Collection entries:
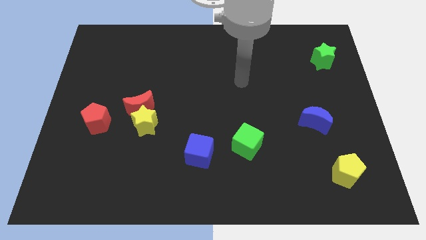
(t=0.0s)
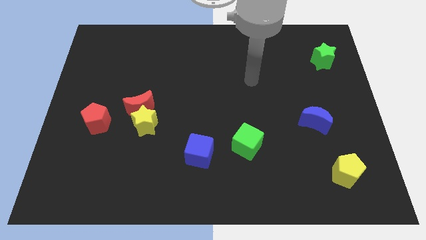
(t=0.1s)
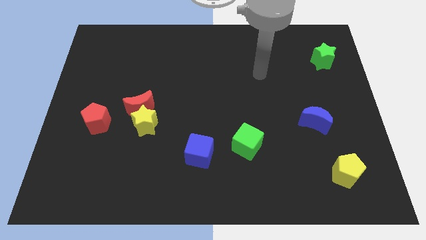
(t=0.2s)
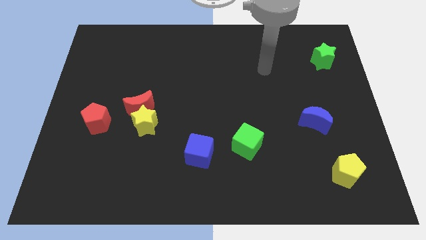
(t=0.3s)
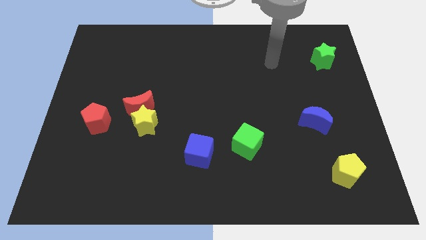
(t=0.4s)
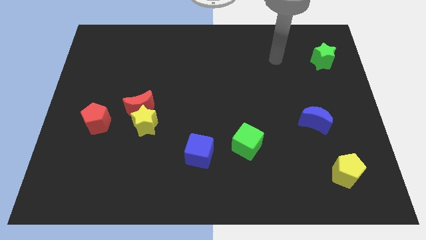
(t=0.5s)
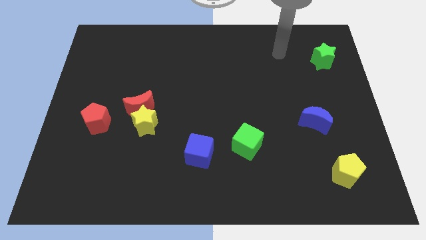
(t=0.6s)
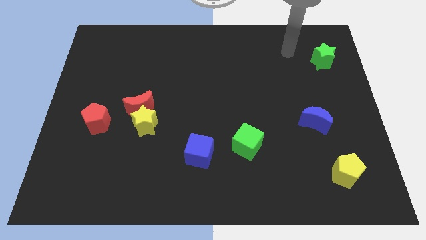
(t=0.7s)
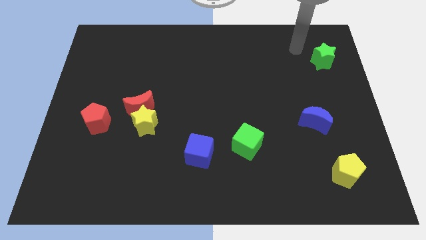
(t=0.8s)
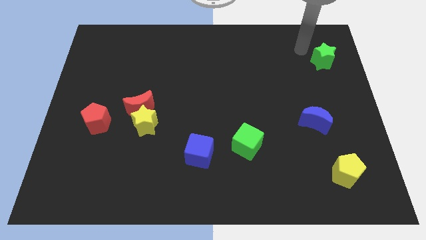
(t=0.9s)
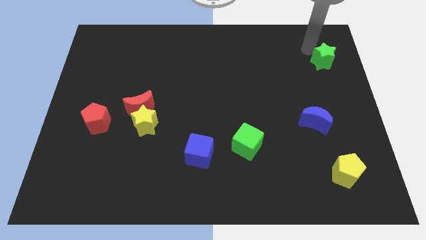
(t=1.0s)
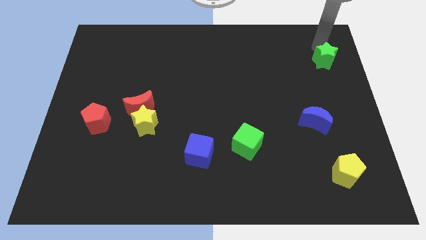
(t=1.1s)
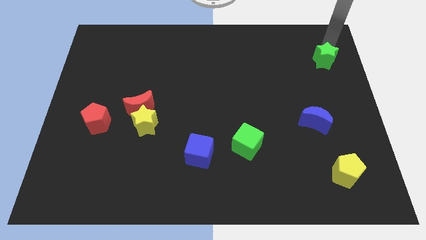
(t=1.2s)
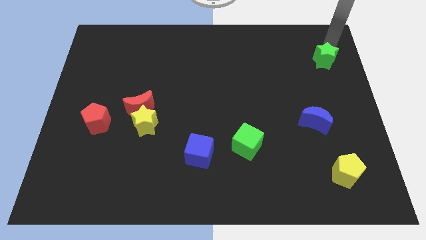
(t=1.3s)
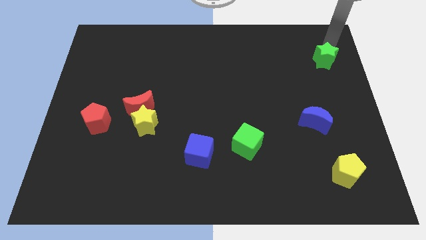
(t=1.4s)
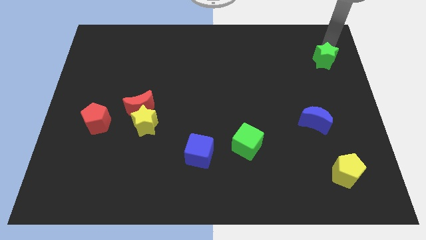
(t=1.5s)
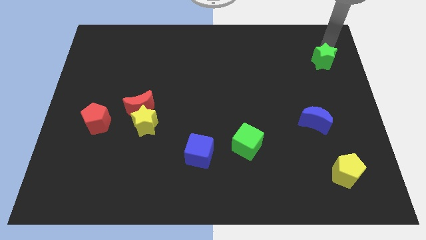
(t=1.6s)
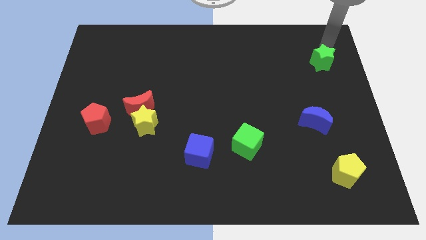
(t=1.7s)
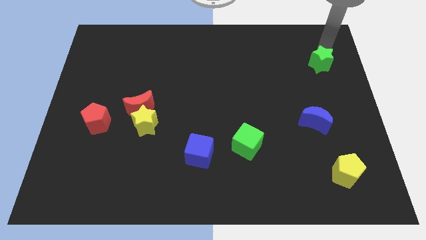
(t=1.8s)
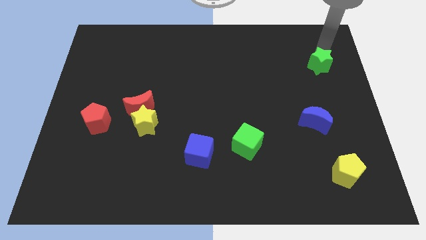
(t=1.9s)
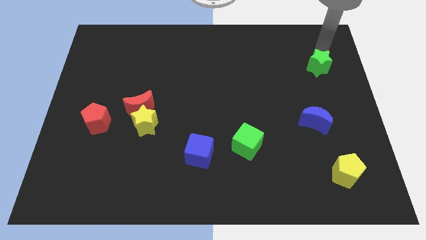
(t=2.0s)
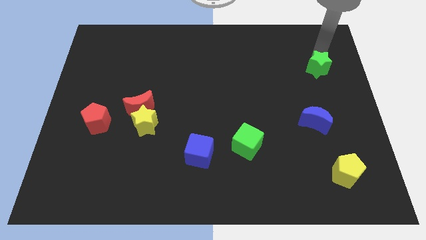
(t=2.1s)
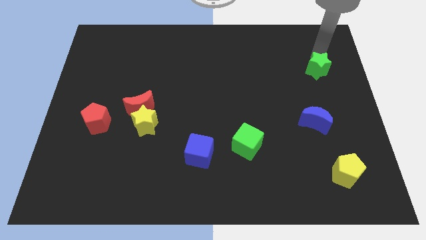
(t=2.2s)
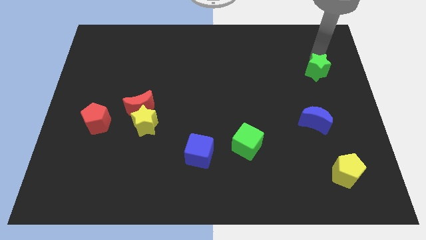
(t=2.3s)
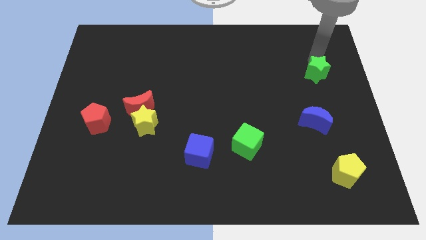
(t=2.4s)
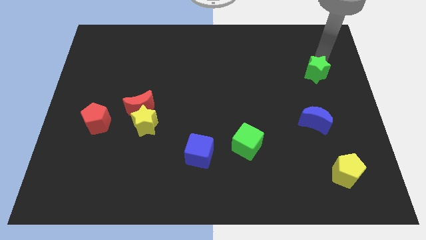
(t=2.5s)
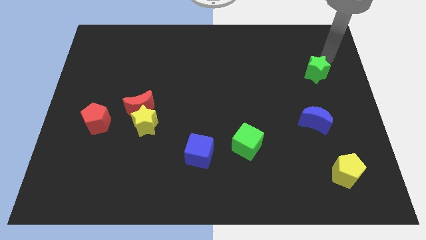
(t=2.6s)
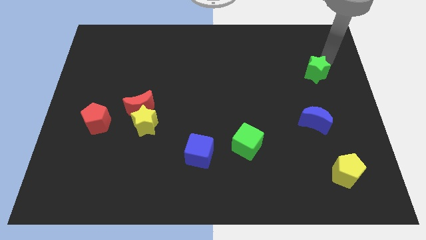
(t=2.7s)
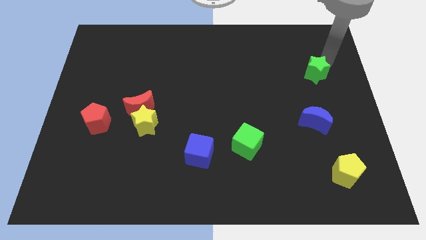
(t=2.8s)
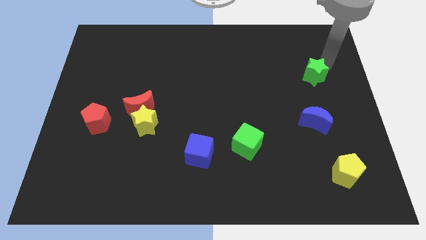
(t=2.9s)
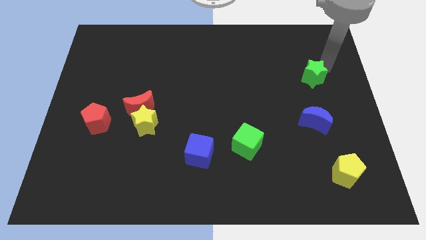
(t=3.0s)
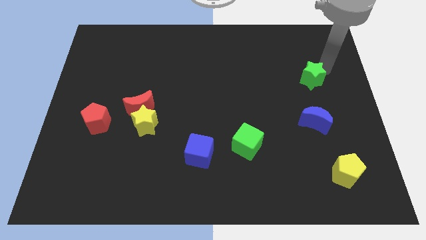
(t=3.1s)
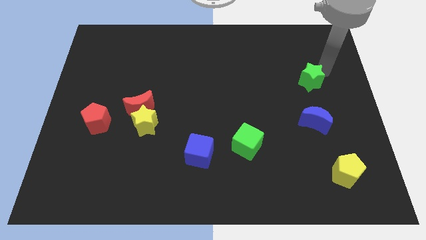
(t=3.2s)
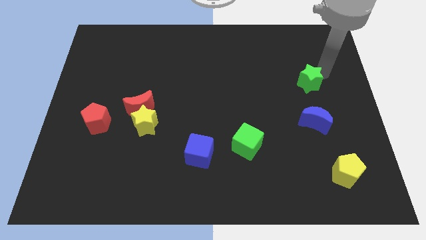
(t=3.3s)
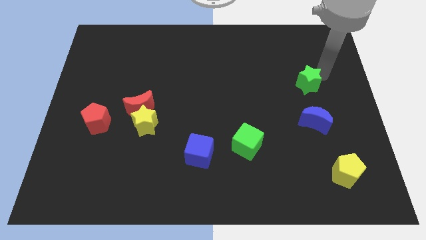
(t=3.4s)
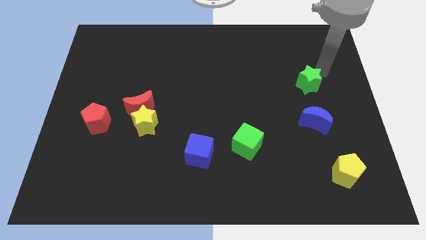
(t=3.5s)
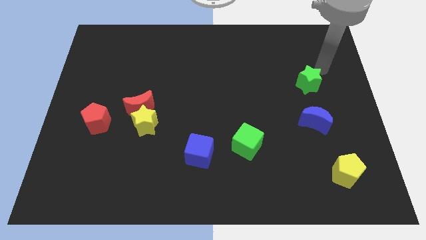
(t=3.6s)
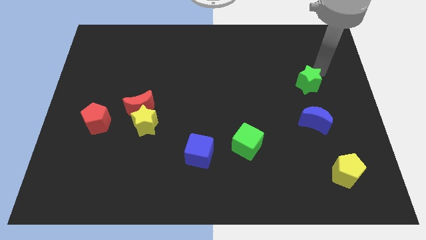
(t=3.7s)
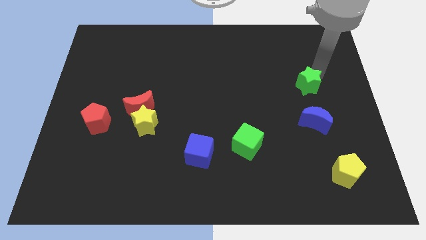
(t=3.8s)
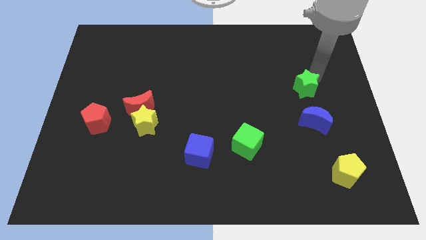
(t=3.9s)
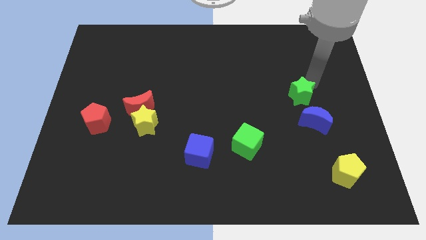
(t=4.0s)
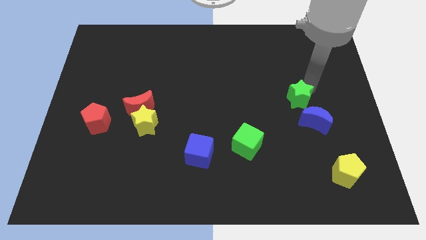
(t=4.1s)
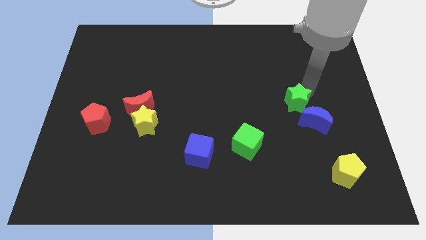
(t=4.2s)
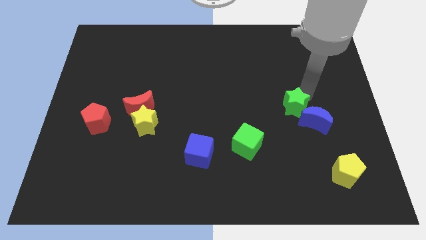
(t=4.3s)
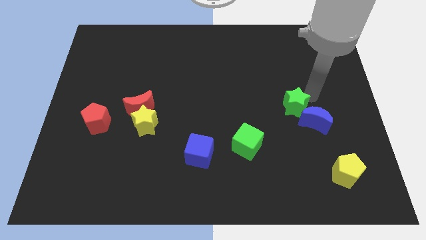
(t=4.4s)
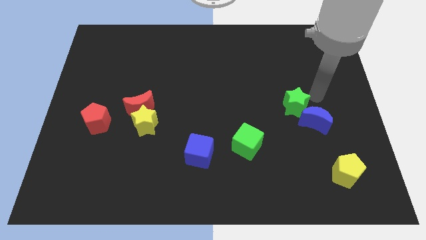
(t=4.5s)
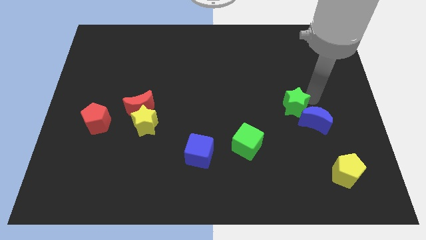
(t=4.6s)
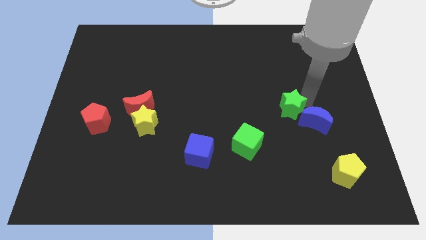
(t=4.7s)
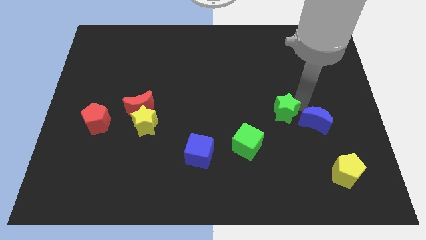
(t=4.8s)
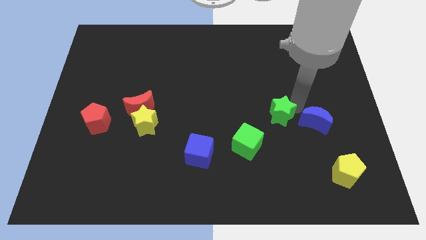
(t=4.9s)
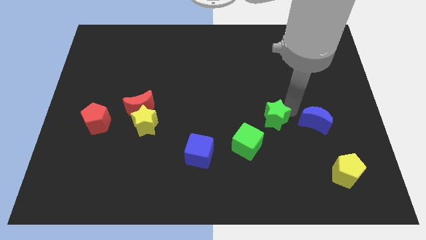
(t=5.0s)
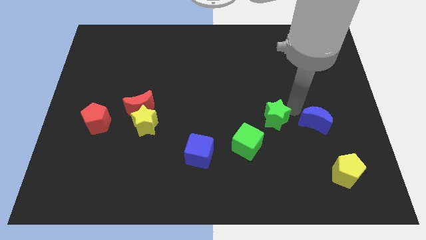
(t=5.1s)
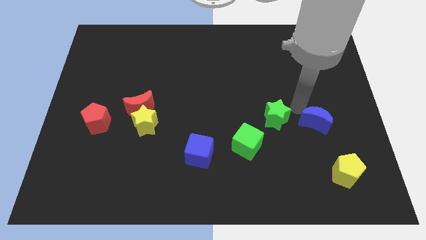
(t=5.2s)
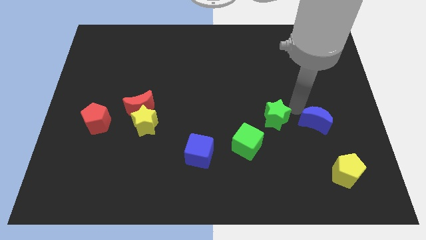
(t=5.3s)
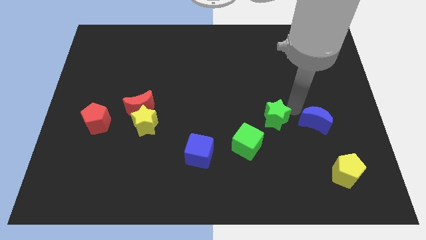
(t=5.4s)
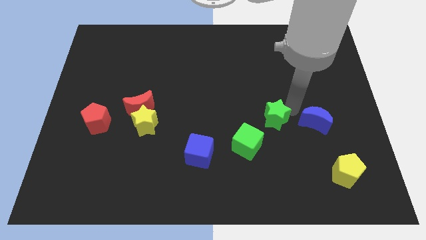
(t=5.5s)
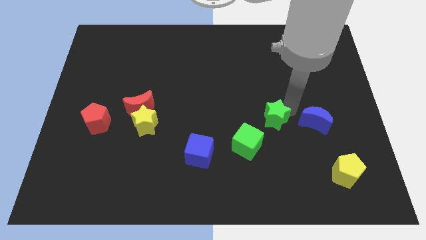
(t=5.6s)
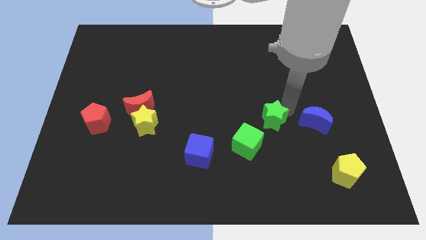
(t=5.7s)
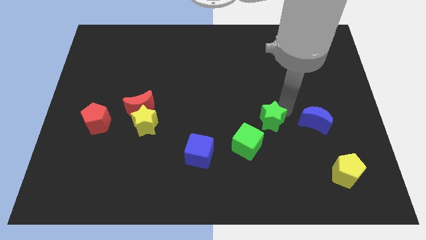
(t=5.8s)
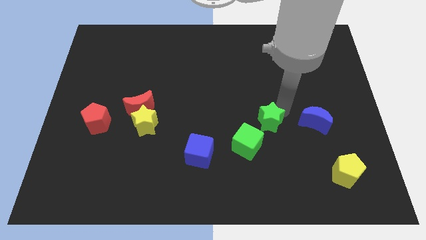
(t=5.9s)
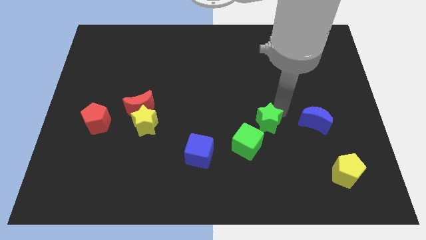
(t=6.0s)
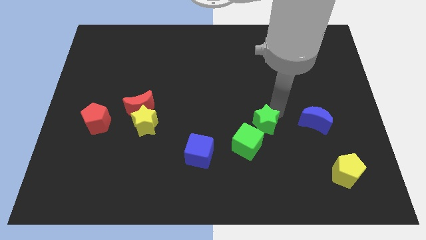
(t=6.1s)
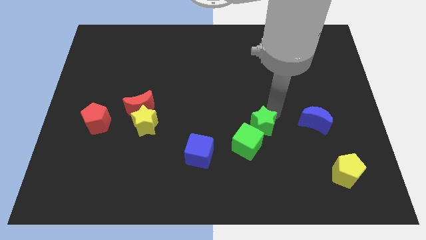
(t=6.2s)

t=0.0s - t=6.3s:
put the green star next to the green cube

> [Activity]: Without the pictures, write out every entry exactly as it appears.

> [Answer space]:
(t=0.0s)
(t=0.1s)
(t=0.2s)
(t=0.3s)
(t=0.4s)
(t=0.5s)
(t=0.6s)
(t=0.7s)
(t=0.8s)
(t=0.9s)
(t=1.0s)
(t=1.1s)
(t=1.2s)
(t=1.3s)
(t=1.4s)
(t=1.5s)
(t=1.6s)
(t=1.7s)
(t=1.8s)
(t=1.9s)
(t=2.0s)
(t=2.1s)
(t=2.2s)
(t=2.3s)
(t=2.4s)
(t=2.5s)
(t=2.6s)
(t=2.7s)
(t=2.8s)
(t=2.9s)
(t=3.0s)
(t=3.1s)
(t=3.2s)
(t=3.3s)
(t=3.4s)
(t=3.5s)
(t=3.6s)
(t=3.7s)
(t=3.8s)
(t=3.9s)
(t=4.0s)
(t=4.1s)
(t=4.2s)
(t=4.3s)
(t=4.4s)
(t=4.5s)
(t=4.6s)
(t=4.7s)
(t=4.8s)
(t=4.9s)
(t=5.0s)
(t=5.1s)
(t=5.2s)
(t=5.3s)
(t=5.4s)
(t=5.5s)
(t=5.6s)
(t=5.7s)
(t=5.8s)
(t=5.9s)
(t=6.0s)
(t=6.1s)
(t=6.2s)

t=0.0s - t=6.3s:
put the green star next to the green cube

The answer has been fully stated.